What do tadpoles grow up to be? Farmer thought both had to know, but Bobo failed: “Could be a praying mantis.” Bigfoot knew what was up: “Tadpoles? Turn into frogs!”

Who gave America the Statue of Liberty? Farmer didn’t think either Bobo or Bigfoot would know – and was surprised (like everyone else in-studio) when both said France. Howard gave the Farmer the cash prize anyway.

JOHNNY KNOXVILLE’S CATHETER

Johnny Knoxville called in to promote the upcoming season of “Nitro Circus” and Howard asked him about the catheter he has to shove up his penis twice daily.

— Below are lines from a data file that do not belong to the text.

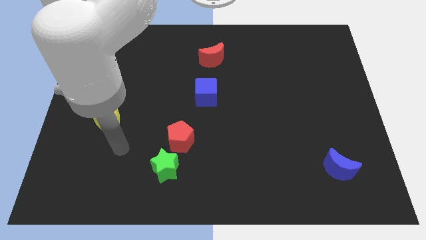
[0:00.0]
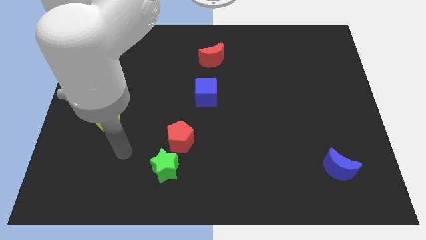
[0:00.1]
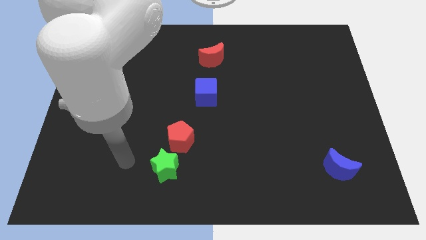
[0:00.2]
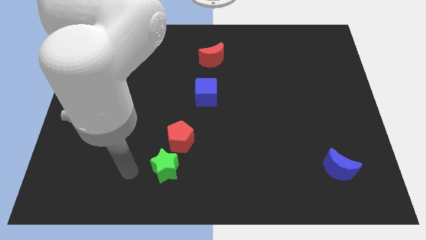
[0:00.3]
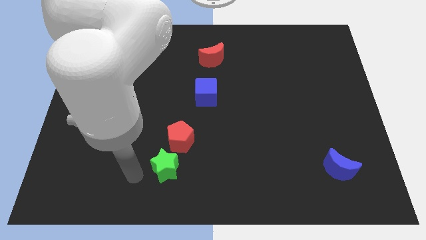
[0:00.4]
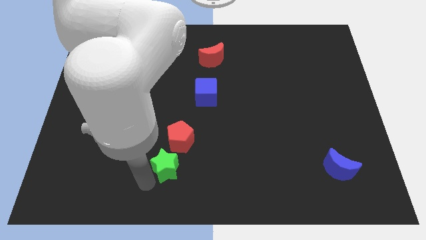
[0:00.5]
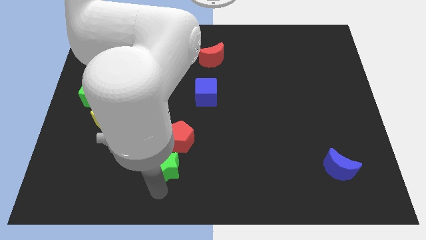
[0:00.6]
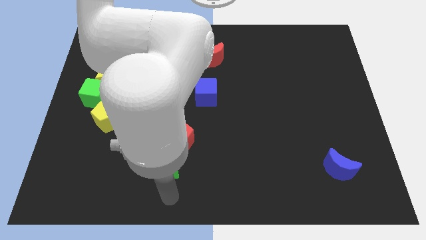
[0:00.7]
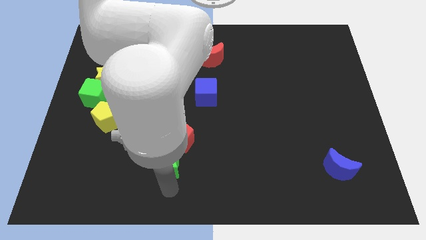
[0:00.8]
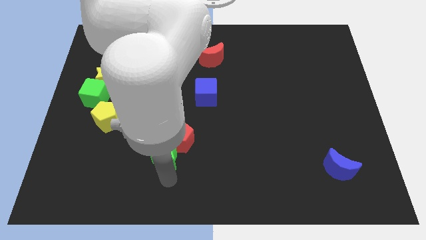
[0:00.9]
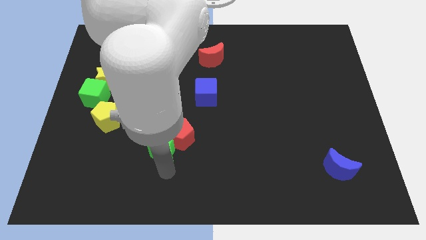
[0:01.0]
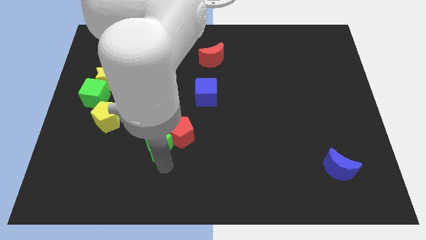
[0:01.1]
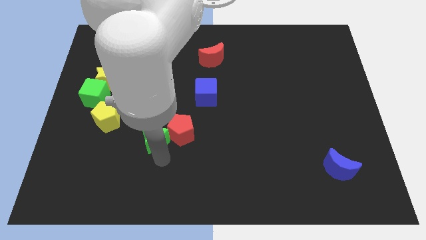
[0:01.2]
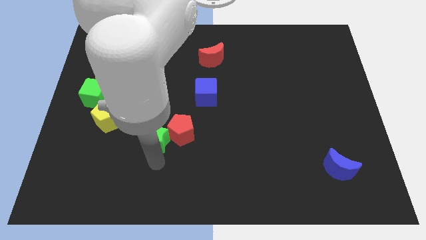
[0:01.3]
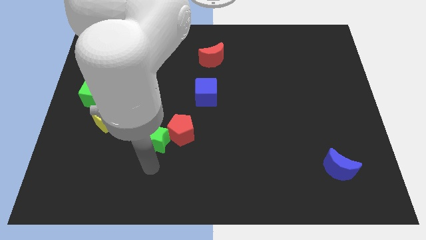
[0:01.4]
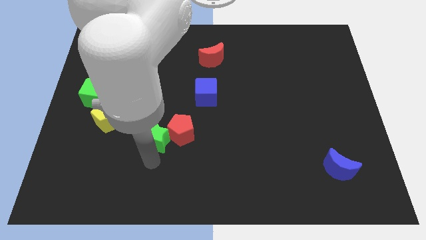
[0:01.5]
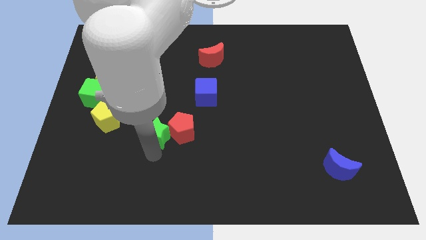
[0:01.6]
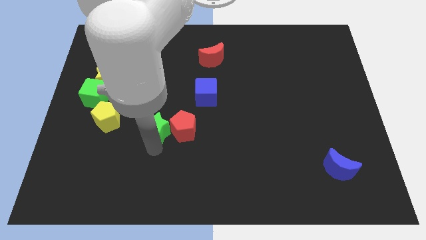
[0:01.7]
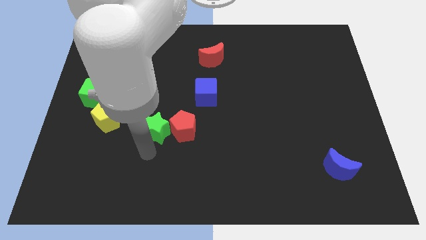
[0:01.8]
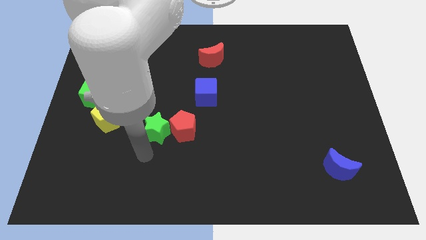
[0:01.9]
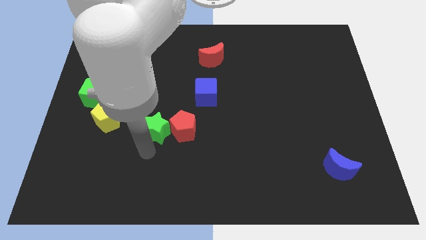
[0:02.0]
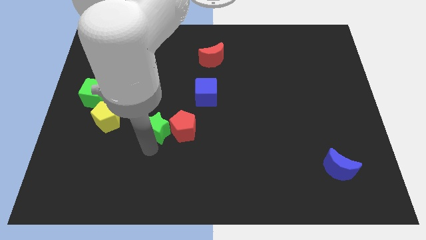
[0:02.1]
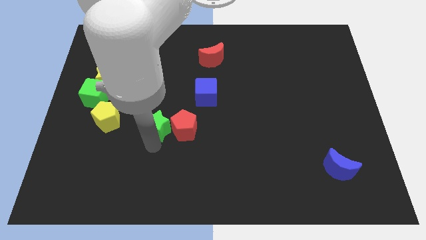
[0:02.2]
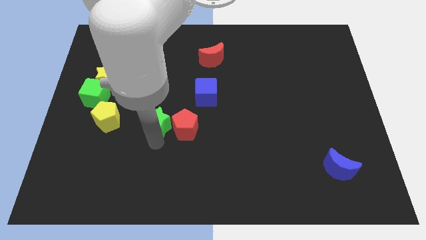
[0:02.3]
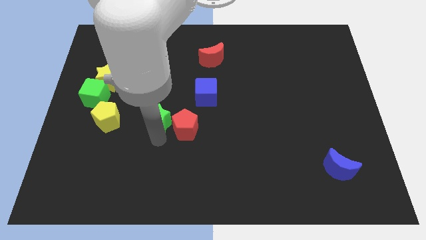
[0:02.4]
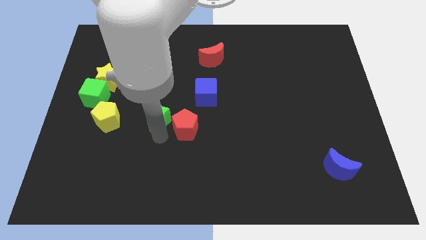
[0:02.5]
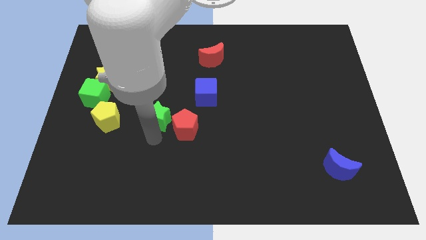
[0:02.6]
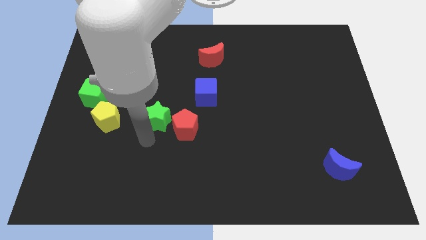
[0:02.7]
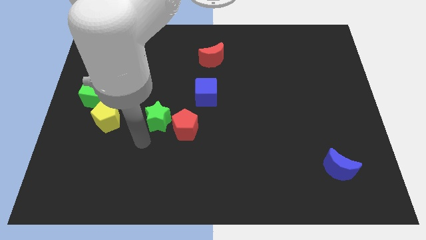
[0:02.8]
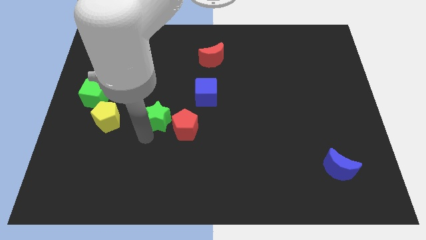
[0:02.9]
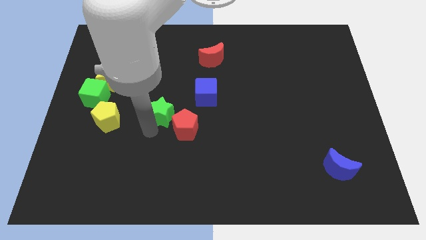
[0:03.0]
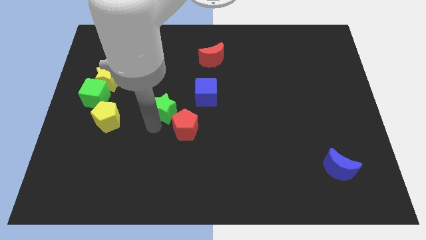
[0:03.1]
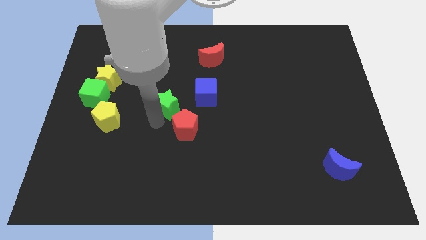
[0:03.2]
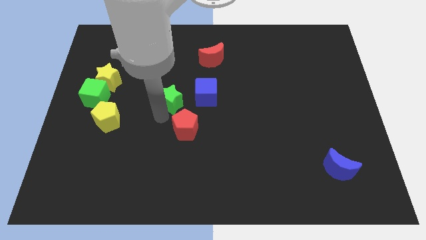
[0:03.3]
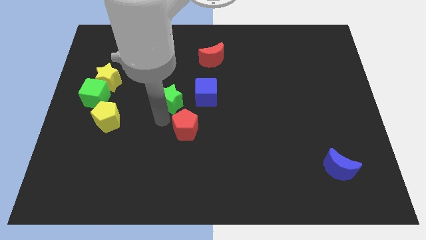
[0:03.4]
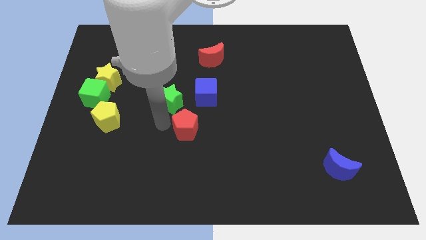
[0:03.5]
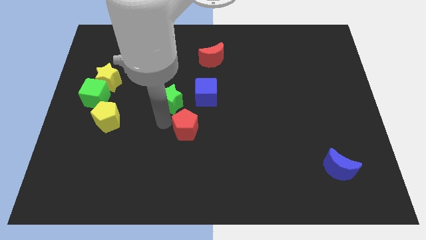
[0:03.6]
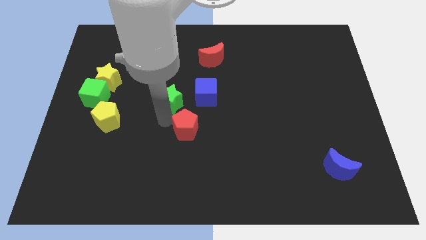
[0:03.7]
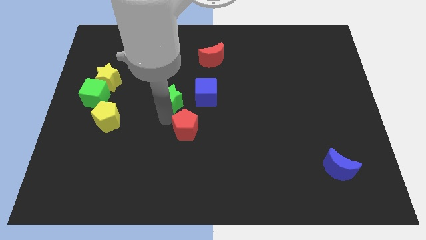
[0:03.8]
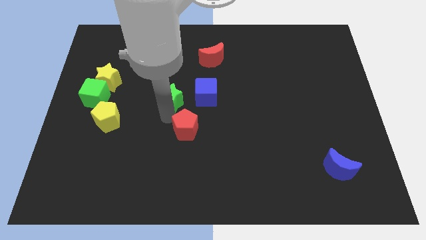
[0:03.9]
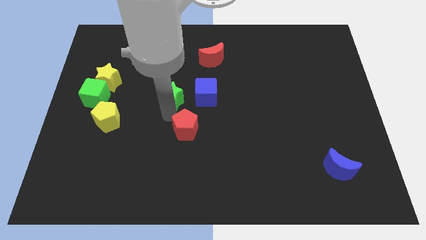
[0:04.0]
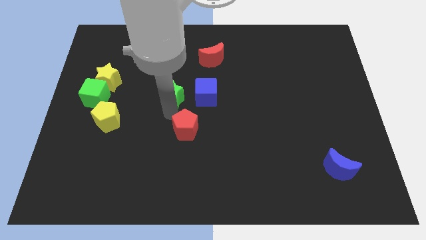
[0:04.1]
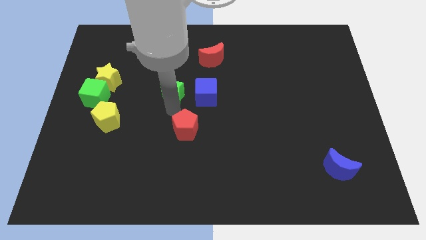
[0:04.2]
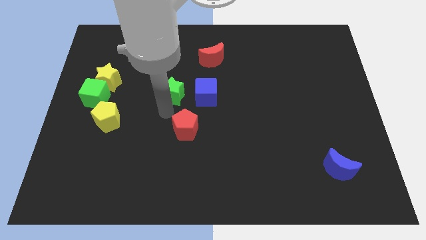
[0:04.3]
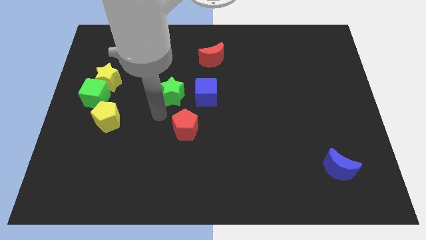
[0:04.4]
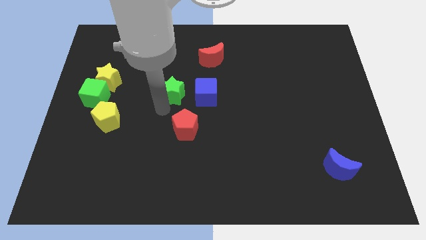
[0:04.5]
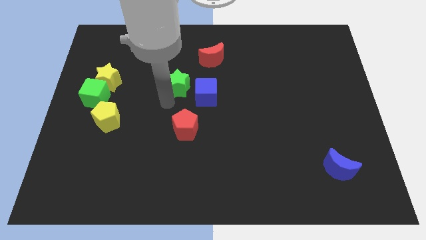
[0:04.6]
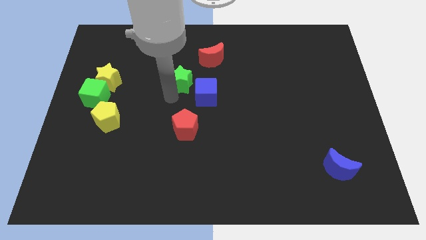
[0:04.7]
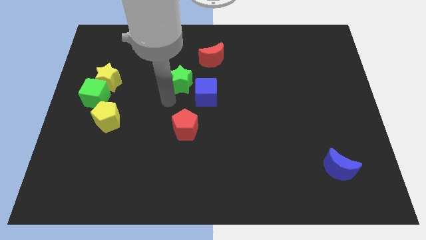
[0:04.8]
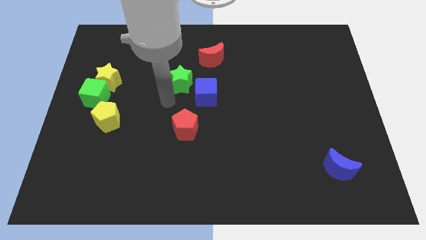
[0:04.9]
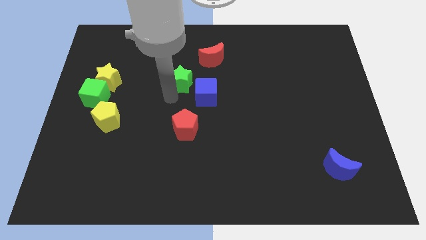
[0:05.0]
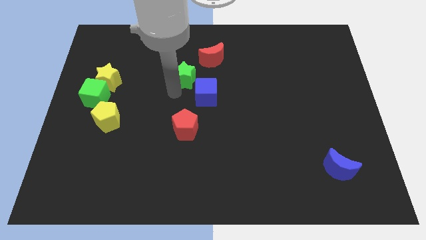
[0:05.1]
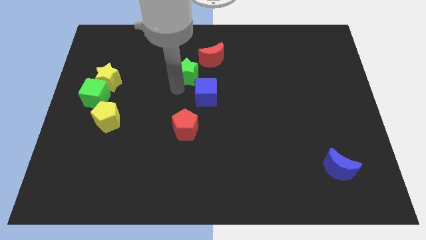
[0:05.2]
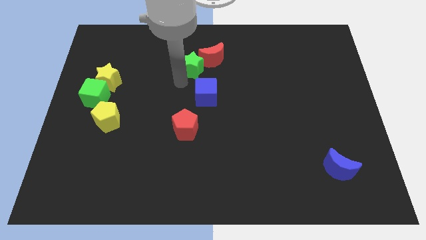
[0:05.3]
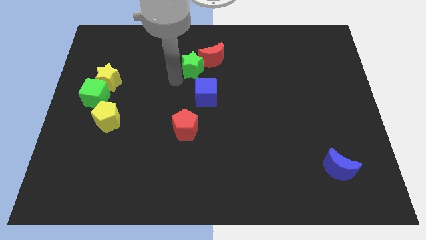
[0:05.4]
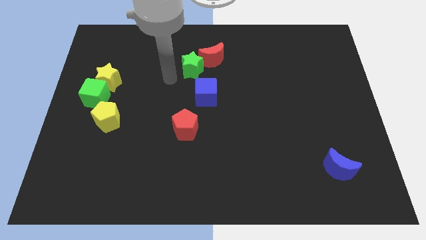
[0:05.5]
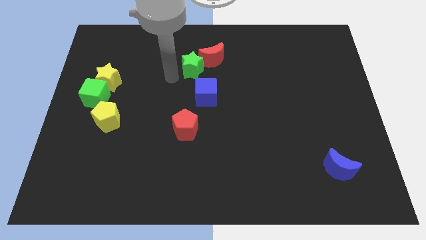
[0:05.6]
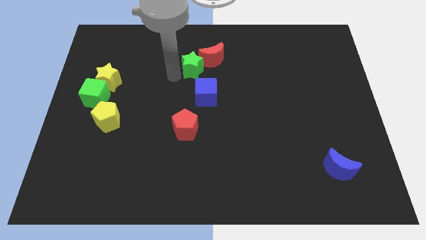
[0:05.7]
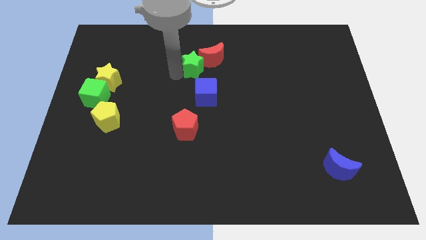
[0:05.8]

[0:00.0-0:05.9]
put the green star to the red moon

Johnny explained it was to prevent an old injury to his urethra from becoming permanent: “To make sure [scar tissue] won’t constrict and make it so the hole won’t go open.” Johnny laughed that his doctor recently told him good news and bad news: he doesn’t need surgery, but he’ll have to keep plumbing his urethra twice daily for the next two years.

Johnny went on to describe the procedure in which they put a camera up his penis: “They put something in your urethra to numb your penis and then shove a tube up it.” A pencil-width camera then goes up the tube. Gary asked Johnny to rate the pain on a scale of 1-10, so Johnny replied that the localized anesthetic was key: “It’s about a 2 or a 3, but the thought of a camera being up there is an 11.”

JOHNNY KNOXVILLE ON HIS PEERS

On Steve-O’s turn as a “Dancing with the Stars” contestant: “He’s battling an injury, sobriety and two left feet.”

On the scariest stunt ever performed by “Nitro Circus” star/extreme athlete Travis Pastrana: “I get frightened when Travis jumps out of an airplane without a parachute.”

THE GOSSIP GAME

Howard got Mike Walker from The National Enquirer on the line, as he does every Thursday, to play The Gossip Game, in which Mike reads four gossip items – three (allegedly) true, one false – and the crew has to pick the fake. This week’s stories:
1. After a successful “Oprah” episode that featured vibrator talk, Oprah has begged her writers to come up with more sexy episode ideas.
2. Heather Locklear refused to talk with Denise Richards outside a Hollywood eatery.
3. Matthew Perry is upset that Zac Efron is getting more prominent position in posters and promotional material for “17 Again.”
4. Joe Jonas tried to wear a t-shirt out of a store, but forgot to take the alarm-triggering tag off and inadvertently attracted some unwanted attention from nearby fans.
Howard and Artie picked the Oprah item and Fred went with the Zac Efron story – only Robin correctly singled out the Joe Jonas item as the fake.
Howard mocked Gary’s scheduled appearance at Adelphi University
Howard said he planned to watch “Marley & Me” this weekend.
Johnny Knoxville briefly discussed his documentary about Jesco “The Dancing Outlaw” White
Artie told Johnny that “Nitro Circus” was f’ing great.
Ross “The Intern” Matthews noted that he was from Mount Vernon, Washington.
Fred referenced “Pulp Fiction.”
Howard laughed that the Craiglist Killer once dressed up as a mammogram machine for Halloween.
The crew wished Bubba the Love Sponge a happy 43rd birthday.